III. Defendant predicates error upon the foregoing Instruction 8, for that the indictment charged acts committed in October, 1956, and the alleged similar acts four months later were remote in time and wholly disconnected from such former acts. We have already held the evidence was admissible for the limited purpose stated in Instruction 8 and also without such limitation. Hence, Instruction 8 was more favorable to defendant than he was entitled to have given.
IV. Defendant complains the television set, Exhibit A, was admitted in evidence over his objection. It is sufficient to say it was admissible in connection with the evidence of its procurement by the youths and its purchase by defendant.
V. It is contended defendant was prejudiced by insinuations and inferences against defendant in leading and suggestive questions put by the state to certain witnesses. We have examined that part of the record and find this contention unjustified.

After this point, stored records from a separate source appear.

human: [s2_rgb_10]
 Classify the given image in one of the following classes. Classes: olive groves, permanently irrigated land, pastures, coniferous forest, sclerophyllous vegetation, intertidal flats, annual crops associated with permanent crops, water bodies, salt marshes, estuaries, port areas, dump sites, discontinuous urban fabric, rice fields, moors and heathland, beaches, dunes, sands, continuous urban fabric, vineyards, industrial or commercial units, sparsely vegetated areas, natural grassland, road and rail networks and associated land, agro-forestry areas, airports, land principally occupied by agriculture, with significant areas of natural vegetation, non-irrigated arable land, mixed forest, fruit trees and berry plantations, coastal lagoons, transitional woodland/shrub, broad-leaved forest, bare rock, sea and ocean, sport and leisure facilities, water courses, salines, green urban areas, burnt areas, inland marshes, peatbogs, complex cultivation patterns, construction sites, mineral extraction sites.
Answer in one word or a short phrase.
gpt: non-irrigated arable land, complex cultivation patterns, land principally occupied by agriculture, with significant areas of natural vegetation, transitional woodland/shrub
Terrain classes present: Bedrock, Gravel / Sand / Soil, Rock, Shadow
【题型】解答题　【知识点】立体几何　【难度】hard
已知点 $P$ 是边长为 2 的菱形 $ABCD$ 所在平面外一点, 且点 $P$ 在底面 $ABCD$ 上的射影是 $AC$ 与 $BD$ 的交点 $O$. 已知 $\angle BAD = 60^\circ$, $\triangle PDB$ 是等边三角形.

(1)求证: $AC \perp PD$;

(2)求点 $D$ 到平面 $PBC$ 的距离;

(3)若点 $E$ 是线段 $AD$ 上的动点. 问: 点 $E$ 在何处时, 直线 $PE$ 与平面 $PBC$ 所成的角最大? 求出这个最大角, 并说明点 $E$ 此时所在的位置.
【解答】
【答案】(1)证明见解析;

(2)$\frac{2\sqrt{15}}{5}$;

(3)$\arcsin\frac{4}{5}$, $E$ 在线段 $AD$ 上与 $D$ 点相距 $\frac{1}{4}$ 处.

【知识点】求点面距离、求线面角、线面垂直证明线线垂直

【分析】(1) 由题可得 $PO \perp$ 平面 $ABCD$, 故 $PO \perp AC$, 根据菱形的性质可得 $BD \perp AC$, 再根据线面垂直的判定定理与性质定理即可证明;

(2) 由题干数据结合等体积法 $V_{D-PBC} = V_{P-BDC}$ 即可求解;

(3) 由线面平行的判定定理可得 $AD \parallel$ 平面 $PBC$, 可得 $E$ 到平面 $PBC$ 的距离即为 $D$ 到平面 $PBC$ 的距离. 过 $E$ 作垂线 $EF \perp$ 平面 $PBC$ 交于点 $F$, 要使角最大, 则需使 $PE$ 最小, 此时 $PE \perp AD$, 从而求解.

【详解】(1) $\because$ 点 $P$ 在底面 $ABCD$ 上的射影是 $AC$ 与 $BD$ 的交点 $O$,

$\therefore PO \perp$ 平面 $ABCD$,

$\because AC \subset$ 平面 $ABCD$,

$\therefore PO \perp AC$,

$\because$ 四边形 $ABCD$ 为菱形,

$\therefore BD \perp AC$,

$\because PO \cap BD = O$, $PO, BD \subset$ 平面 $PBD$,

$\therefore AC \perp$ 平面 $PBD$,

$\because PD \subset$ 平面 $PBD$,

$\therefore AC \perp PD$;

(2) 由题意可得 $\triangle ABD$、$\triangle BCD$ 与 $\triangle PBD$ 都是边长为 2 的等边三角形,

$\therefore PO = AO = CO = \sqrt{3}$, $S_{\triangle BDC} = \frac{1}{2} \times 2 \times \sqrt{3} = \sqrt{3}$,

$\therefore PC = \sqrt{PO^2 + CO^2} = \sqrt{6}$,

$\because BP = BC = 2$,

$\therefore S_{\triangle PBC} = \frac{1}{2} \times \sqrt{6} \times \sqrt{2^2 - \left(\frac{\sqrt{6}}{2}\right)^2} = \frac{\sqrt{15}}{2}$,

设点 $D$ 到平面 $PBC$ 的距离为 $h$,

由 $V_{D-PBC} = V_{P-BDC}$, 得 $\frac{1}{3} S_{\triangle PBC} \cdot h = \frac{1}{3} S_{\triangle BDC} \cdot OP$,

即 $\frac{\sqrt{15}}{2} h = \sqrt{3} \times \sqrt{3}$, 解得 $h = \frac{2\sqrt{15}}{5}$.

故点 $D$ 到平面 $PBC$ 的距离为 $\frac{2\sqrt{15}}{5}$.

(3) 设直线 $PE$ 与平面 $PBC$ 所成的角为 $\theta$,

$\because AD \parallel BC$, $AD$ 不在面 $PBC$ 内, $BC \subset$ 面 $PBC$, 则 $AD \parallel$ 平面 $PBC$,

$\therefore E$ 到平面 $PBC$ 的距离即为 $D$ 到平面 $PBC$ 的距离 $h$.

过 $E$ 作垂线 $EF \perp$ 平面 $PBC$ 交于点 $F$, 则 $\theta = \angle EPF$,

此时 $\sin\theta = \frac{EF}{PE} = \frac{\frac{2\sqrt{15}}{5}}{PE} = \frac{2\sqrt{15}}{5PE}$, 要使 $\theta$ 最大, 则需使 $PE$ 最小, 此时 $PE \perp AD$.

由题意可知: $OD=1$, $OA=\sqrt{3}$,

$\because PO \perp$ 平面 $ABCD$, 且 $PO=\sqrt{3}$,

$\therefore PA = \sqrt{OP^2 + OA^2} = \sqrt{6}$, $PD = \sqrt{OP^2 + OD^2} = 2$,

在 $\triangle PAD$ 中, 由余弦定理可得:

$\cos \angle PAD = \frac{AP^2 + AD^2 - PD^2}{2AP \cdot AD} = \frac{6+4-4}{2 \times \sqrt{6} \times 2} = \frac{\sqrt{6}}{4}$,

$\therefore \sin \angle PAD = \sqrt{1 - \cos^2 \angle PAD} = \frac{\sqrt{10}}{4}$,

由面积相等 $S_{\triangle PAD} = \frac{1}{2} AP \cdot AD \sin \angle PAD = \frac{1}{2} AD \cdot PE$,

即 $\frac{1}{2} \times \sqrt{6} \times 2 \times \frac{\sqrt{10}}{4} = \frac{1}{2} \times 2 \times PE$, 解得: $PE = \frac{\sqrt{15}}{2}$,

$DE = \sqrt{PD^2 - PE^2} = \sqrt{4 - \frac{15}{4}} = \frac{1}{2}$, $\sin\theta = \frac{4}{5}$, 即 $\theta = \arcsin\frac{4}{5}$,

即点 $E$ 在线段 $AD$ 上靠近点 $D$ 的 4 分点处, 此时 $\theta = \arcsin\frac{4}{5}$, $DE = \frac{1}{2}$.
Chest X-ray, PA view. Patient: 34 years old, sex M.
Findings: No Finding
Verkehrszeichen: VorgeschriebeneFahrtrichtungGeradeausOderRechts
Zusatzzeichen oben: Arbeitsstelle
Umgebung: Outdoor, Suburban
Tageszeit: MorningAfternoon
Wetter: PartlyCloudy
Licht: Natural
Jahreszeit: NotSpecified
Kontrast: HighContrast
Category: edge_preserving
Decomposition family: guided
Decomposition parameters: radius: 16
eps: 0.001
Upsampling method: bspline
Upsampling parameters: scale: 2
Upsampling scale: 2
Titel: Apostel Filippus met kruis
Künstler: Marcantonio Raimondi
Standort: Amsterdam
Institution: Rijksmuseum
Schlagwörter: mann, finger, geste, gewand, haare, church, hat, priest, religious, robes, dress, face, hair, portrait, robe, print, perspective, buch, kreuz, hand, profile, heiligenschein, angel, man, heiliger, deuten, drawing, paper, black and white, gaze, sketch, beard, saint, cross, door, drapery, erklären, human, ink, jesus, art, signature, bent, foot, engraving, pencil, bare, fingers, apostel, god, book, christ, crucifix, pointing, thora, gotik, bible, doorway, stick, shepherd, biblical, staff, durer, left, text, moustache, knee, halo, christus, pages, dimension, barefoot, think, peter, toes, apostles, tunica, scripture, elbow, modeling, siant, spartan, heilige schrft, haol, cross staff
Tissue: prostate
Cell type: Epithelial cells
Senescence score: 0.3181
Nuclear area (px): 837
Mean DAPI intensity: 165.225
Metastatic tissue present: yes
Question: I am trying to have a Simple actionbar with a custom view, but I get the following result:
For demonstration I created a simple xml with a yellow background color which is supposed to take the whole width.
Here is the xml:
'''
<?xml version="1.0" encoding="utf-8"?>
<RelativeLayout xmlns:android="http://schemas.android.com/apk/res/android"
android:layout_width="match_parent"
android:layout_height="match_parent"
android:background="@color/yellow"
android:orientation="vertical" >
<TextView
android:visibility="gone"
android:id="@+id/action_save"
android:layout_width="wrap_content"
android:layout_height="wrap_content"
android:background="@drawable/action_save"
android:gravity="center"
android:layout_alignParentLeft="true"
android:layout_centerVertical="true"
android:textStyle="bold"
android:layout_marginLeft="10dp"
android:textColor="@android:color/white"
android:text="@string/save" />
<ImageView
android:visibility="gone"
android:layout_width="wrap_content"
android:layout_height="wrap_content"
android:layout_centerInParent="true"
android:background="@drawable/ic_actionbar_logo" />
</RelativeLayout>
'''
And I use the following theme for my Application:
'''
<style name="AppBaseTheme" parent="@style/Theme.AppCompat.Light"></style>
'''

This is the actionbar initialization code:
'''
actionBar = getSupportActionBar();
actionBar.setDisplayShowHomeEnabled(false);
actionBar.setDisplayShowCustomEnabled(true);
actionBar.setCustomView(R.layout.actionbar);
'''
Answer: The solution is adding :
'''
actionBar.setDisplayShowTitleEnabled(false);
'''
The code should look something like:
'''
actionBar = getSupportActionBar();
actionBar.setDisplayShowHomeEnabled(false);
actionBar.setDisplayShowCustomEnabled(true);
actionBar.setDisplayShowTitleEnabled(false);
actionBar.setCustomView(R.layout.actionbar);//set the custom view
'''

VI. A police officer testified for the state, he first saw the television set, Exhibit A, in the Watson home February 12, 1957 and took it into custody. He was then asked, "Can you tell whether or not the Watsons are under indictment for receiving stolen goods?" Over defendant's objections he was permitted to answer, "They are." We agree with defendant this ruling was incorrect. However, we hold error is not sufficient to entitle defendant to a reversal of the judgment of conviction.
The record shows the court conducted the case carefully and ably and that defendant received a fair trial.
All Justices concur except SMITH, J., not sitting.